## What is being asked
With the pictures omitted, output word for word the lines from the one containing "A frame 4.4 seconds after image 1." through the end of the records.

## Source data
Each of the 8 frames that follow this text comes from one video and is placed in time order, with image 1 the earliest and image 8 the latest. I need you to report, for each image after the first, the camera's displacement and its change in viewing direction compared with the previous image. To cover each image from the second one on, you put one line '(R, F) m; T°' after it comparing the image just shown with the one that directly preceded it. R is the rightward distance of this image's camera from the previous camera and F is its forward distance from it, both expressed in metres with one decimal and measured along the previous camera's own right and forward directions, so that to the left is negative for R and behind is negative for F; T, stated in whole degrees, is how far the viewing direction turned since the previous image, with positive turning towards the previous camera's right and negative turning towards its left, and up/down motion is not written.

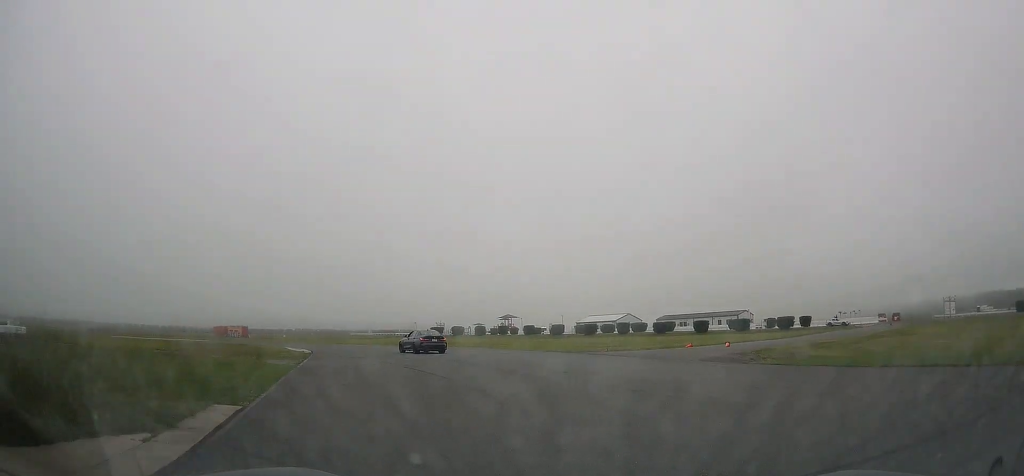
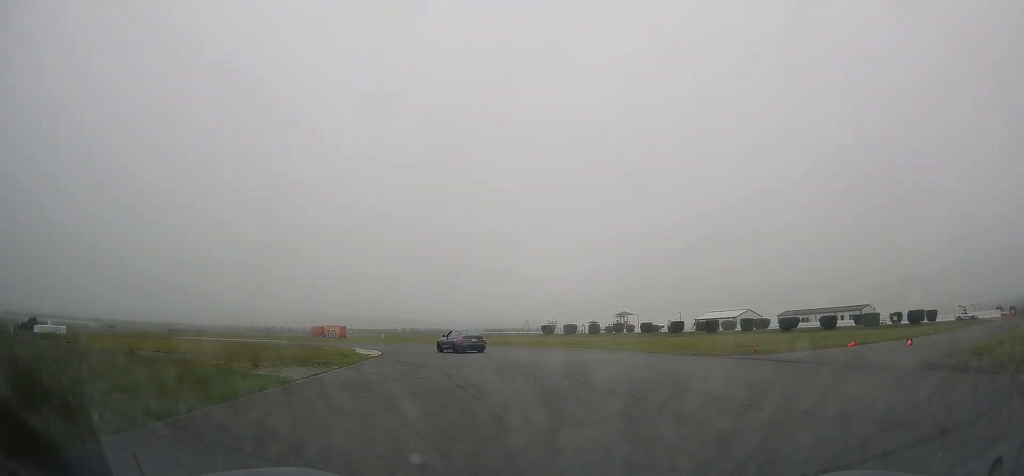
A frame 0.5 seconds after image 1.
(-0.9, +7.9) m; -11°
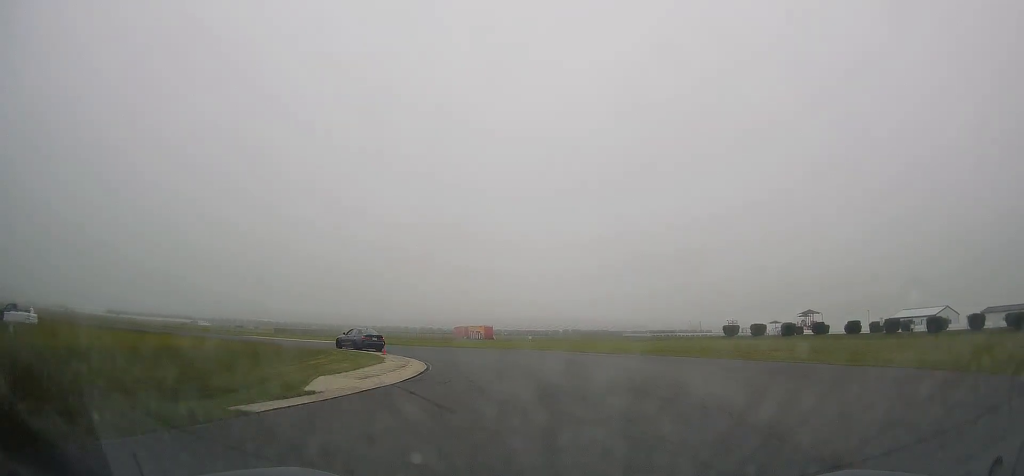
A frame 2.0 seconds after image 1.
(-5.4, +23.9) m; -21°
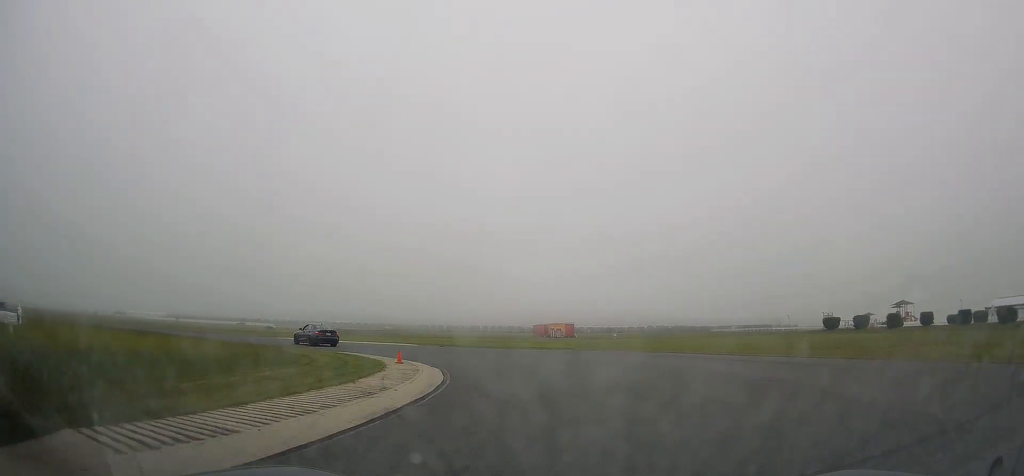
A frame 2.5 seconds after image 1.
(-0.5, +10.0) m; -8°
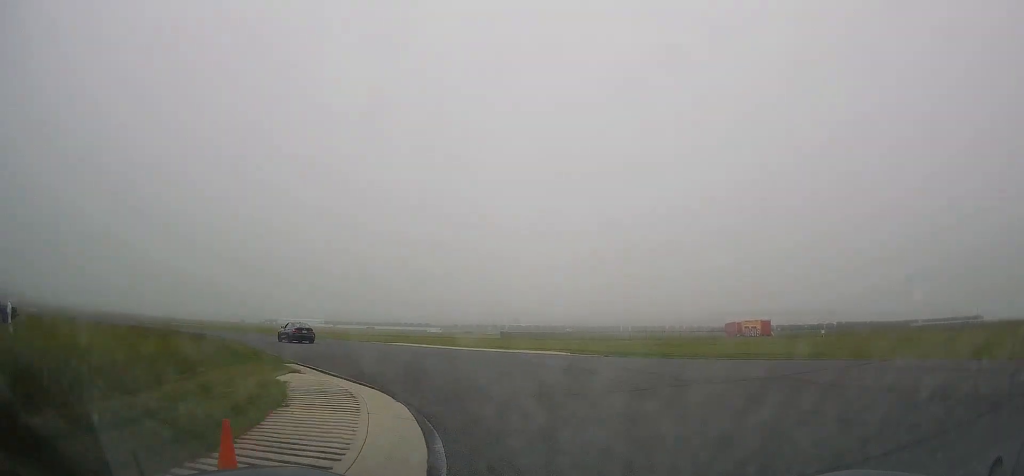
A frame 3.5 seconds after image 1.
(-1.9, +16.8) m; -18°
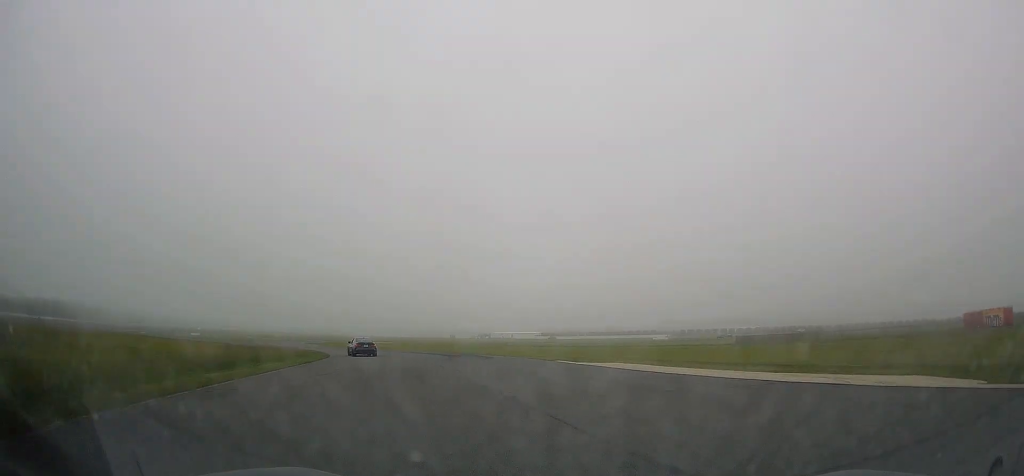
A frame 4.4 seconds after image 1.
(-3.3, +18.2) m; -21°
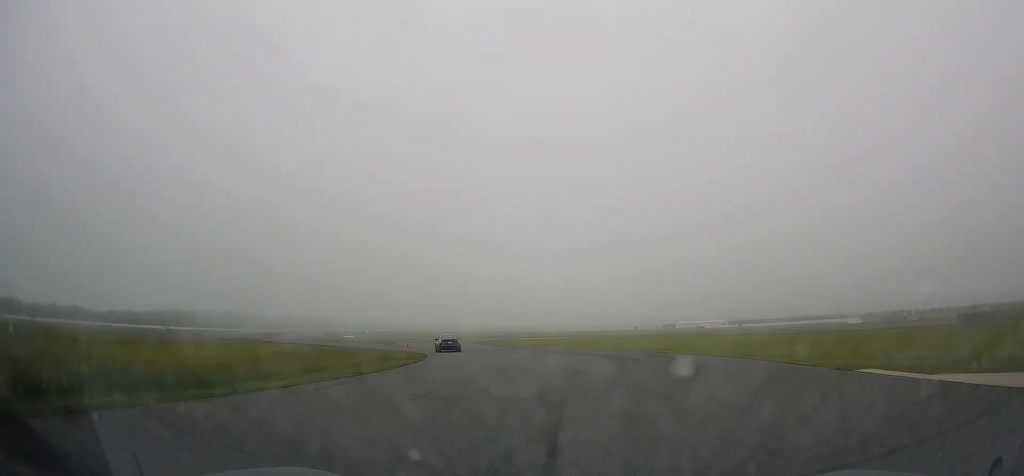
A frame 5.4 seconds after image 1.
(-3.5, +20.3) m; -17°
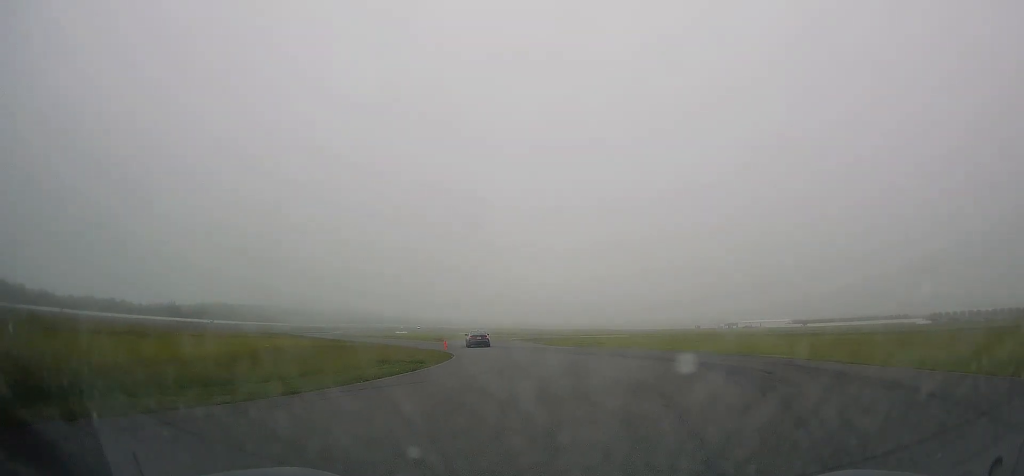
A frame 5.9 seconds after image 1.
(-1.0, +10.7) m; -5°

## Task answer
A frame 4.4 seconds after image 1.
(-3.3, +18.2) m; -21°
A frame 5.4 seconds after image 1.
(-3.5, +20.3) m; -17°
A frame 5.9 seconds after image 1.
(-1.0, +10.7) m; -5°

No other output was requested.